The set of vector which map to 0 under a given linear transformation is a subspace.
The nullspace (or
kernel) of a matrix $A
\in \R ^{m \times n}$ is the set
\[
\Set{x \in \R ^n}{Ax = 0}.
\]
We denote the nullspace of $A \in \R ^{m \times n}$ by $\null(A) \subset \R ^{n}$. Some authors denote the nullspace of $A$ by $\mathcal{N} (A)$.
Of course, the nullspace of a matrix is a subspace There are a few routes to see this.
The first is direct. If $w, z \in \null(A)$, then $Aw = 0$ and $Az = 0$. So then $A(w + z) = Aw + Az = 0$. So $\null(A)$ is closed under vector addition. Also $A(\alpha w) = \alpha (Aw) = 0$ for all $\alpha \in \R $. [In particular $A0 = 0$, so $0 \in \null(A)$; i.e., $\null(A)$ contains the origin.] So $\null(A)$ is closed under scalar multiplication.
The second is by thinking about orthogonal complements. Second, we can view the $\null(A)$ as the set of vectors orthgonal to all the rows of $A$. In other words, $\null(A) = \set{\tilde{a}_1, \dots , \tilde{a}_m}^\perp $. The orthogonal complement of any set is a subspace (see Orthogonal Real Subspaces).
The dimension of the nullspace is called the nullity.
Suppose we have a solution to the system of
linear equation with data $(A, y)$.
In other words, we have a vector $x \in
\R ^n$ so that $y = Ax$.
If we have a vector $z \in \null(A)$, then $x
+ z$ is also a solution to the system $(A,
y)$, since
\[
A(x + z) = Ax + Az = Ax + 0 = y
\] \[
0 = y - y = Ax - A\tilde{x} = A(x - \tilde{x}).
\]
The origin $0$ is always in the nullspace of $A$. However, this vector does not mean that we can find different solutions, since $x + 0 = x$ for all $x \in \R ^n$. If, on the other hand, there is a nonzero vector $z \in \null(A)$, then $x + z \neq x$, and $x+z$ is a solution for $(A, y)$. We think about $A$ as a function from $\R ^n$ to $\R ^m$. In the case that there is a nonzero element in the nullspace, $A$ maps different vectors to the same vector.
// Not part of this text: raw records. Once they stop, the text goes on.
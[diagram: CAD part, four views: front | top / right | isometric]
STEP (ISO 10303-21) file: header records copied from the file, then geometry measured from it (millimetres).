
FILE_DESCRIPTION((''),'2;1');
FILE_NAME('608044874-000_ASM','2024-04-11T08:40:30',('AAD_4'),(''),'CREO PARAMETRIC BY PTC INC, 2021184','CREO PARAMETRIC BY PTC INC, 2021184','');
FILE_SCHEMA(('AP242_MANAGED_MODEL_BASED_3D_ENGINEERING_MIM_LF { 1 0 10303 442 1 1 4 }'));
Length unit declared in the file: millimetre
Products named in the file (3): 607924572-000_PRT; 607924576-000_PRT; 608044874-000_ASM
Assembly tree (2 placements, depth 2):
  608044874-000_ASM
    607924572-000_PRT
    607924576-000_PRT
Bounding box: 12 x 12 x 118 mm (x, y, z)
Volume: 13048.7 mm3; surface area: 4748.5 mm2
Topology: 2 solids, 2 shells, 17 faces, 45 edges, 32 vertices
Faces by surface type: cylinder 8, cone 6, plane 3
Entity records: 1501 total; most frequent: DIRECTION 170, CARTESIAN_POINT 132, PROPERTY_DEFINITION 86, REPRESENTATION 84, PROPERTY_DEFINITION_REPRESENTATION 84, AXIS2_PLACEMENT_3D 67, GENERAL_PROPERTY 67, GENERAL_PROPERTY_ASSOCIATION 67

Here, $x$ and $x + z$ both map to $y$. In this case, the function is not invertible, because it is not one-to-one. If, however, zero is the only element of the null space, the function is one-to-one. So call $A$ one-to-one if $\null(A) = 0$.
A matrix $A \in \R ^{m \times n}$ is one-to-one if the linear function $f: \R ^n \to \R ^m$ defined by $f(x) = Ax$ is one-to-one. In this case, if there exists $x \in \R ^n$ so that $y = Ax$, then there is only one such $x$. Different elements in $\R ^n$ map to different elements in $\R ^m$.